Opinion | Kamala Harris’s facial expressions at the debate were her strength



Vice President Pence wasn’t following the rules — not about timing, not about interrupting — during Wednesday’s debate. Moderator Susan Page’s efforts at polite shushing, uttering repeated “thank you’s,” was about as effective as a cafeteria monitor trying to halt a food fight. It fell to Harris to remind the vice president, “I’m speaking” — something he already knew but chose to ignore.

If Harris had raised her voice in those moments, she would have been labeled shrill. If she had frowned, she would have been labeled a scold. If she had raised a hand, she would have been called angry or even unhinged.

So she smiled as she held her ground — and of course they called it a smirk, a grin that by definition comes off as irritating or smug. But it was more than that. Harris gave Pence “The Look” — and you don’t have to look up that phrase to know exactly what I mean.

Black women have elevated the “Mama don’t take no mess” expression to a form of high art — a narrowing of the eye, a lift of the eyebrow, a tilt of the head. Sometimes there is a sideways arch of the neck, a molasses-slow movement of the jaw that says, without speaking, “You’ve got exactly 10 seconds to pick up your feet and run for the hills.”

Some of this is the stuff of caricature. The kind of thing that leads Black women to be called sassy, volatile, aggressive or angry. All of that is an effort to dismiss or demean. But that attempted erasure is the very reason Black women — indeed, most women — have some version of The Look in their arsenal.

Women often can’t get a word in edgewise in the workplace — or, really, any place where they share a room with men. This phenomenon is universal and documented in a large body of research. Don’t think for a minute that the women in the Trump administration or the Republican Party have an E-ZPass to free expression in a party so clearly dominated by men whose core political message is to return to the good old days. The suburban women who are key players in this election know what it is like to be interrupted and talked down to.

This unfortunate reality knows no boundaries. There is actually a whole lexicon for it:

Mansplaining: When a man feels the need to explain something to a woman, often despite her obvious expertise or experience. (Case in point: Pence explains systemic racism to Harris.)
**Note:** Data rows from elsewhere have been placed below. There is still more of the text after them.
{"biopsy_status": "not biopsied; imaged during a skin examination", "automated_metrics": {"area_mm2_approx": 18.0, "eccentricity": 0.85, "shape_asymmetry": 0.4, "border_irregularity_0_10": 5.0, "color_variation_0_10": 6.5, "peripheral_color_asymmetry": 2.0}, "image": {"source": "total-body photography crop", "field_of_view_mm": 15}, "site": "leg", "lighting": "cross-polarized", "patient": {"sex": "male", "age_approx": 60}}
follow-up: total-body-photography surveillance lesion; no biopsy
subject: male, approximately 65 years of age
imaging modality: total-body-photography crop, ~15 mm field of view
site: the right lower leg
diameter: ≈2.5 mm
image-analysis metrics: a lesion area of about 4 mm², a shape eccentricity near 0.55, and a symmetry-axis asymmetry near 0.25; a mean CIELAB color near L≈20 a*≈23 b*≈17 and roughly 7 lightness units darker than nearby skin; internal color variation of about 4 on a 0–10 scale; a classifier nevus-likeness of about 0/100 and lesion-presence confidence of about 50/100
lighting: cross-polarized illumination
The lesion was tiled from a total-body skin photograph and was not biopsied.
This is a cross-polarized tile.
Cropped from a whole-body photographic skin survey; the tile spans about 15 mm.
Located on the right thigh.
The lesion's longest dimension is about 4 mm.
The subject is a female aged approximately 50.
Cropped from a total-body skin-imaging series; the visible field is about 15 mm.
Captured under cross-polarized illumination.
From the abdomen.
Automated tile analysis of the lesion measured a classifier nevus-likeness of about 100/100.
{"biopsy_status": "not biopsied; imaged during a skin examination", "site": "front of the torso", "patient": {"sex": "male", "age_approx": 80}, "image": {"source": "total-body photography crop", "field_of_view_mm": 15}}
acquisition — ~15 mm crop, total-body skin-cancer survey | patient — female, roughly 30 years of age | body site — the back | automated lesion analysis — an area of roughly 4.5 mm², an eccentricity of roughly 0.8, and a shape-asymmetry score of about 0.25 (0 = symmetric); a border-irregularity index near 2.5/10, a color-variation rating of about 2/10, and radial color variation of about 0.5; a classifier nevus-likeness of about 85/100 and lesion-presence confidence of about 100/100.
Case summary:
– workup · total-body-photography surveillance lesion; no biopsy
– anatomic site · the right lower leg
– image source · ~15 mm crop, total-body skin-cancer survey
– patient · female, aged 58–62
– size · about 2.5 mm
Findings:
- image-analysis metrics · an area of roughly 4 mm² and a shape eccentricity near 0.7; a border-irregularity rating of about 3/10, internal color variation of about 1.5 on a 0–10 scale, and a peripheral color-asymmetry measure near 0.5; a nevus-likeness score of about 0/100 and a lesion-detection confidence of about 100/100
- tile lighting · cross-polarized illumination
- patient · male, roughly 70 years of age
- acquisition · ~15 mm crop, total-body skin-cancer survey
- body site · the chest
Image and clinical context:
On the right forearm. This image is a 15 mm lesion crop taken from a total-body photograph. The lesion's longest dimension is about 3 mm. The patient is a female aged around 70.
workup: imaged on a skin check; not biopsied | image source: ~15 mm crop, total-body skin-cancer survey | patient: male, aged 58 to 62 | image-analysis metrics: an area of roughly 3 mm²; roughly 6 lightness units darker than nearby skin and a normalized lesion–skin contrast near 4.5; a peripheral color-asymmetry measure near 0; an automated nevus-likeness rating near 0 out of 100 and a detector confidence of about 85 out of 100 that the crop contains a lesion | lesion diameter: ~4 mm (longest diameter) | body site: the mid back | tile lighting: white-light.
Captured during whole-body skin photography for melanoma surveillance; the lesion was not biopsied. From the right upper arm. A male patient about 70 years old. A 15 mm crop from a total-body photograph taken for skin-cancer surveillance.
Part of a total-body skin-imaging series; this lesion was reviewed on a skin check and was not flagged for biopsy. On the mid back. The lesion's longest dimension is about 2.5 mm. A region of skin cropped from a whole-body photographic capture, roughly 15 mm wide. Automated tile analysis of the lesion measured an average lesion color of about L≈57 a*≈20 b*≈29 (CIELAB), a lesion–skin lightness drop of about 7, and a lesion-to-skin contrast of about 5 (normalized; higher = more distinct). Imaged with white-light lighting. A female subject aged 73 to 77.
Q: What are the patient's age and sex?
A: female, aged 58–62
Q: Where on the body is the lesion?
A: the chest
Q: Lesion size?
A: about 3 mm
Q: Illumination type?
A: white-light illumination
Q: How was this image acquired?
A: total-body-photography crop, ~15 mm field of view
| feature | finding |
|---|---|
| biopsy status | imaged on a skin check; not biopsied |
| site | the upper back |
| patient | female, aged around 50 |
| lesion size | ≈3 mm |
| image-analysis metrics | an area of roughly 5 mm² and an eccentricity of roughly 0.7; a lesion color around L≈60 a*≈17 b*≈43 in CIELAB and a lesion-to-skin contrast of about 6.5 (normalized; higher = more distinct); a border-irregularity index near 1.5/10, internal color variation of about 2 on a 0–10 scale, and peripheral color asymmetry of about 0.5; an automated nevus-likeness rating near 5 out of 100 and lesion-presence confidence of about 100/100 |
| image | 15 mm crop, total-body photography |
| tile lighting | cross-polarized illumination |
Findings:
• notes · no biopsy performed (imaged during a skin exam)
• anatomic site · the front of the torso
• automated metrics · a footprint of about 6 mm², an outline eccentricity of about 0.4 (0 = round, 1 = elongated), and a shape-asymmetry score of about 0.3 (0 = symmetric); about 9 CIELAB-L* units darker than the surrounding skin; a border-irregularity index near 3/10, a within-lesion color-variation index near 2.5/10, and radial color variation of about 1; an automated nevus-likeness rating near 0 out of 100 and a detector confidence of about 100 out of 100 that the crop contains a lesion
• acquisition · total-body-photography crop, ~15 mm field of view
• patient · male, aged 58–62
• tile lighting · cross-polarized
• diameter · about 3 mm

Bropropiation: When a woman introduces a concept or idea that a man subsequently takes credit for.

Manterruption: Describing how men interrupt women repeatedly and unnecessarily. A study by Brigham Young and Princeton universities found that men dominate 75 percent of the conversation in board meetings. When men control the discourse, they control the decision-making — unless women figure out how to break through.

Women have long had to adorn their actual language with body language to be heard. Sometimes it is through protest, but often it is much more subtle than that. Lowering or adjusting the pitch of one’s voice. Fixing one’s gaze. A posture that says “I mean business” when the world isn’t interested in allowing you to run a business.

And yet women exercise authority nonetheless — increasingly in the corporate and political worlds, but consistently over centuries in the places where we learn the most important life lessons: the classroom, the place of worship, the marketplace, the kitchen table.

I would posit that many of the people who hold enough power to occupy a platform that would allow them to comment on Harris’s smirk or judgmental gaze obtained their perch of authority precisely because some woman, and probably several women along the way, shot them The Look to keep them on track.

President Trump, who could have benefited from being on the receiving end of more Looks, on Thursday called Harris “this monster that was on stage with Mike Pence.” It’s an ugly insult from a president who always manages to reveal himself, even or especially when trying to target others.

Monsters are scary. Sometimes it’s because of their strength or physical prowess. As children, we fear that they could grind our bones to dust. But for adults, a monster’s real power is that it gets under our skin. Monsters wield power because we give them real estate inside our brain.

A smiling woman stands her ground and shoots a forceful look that requires a man to follow the rules. She only seems monstrous if progress is what you really find scary.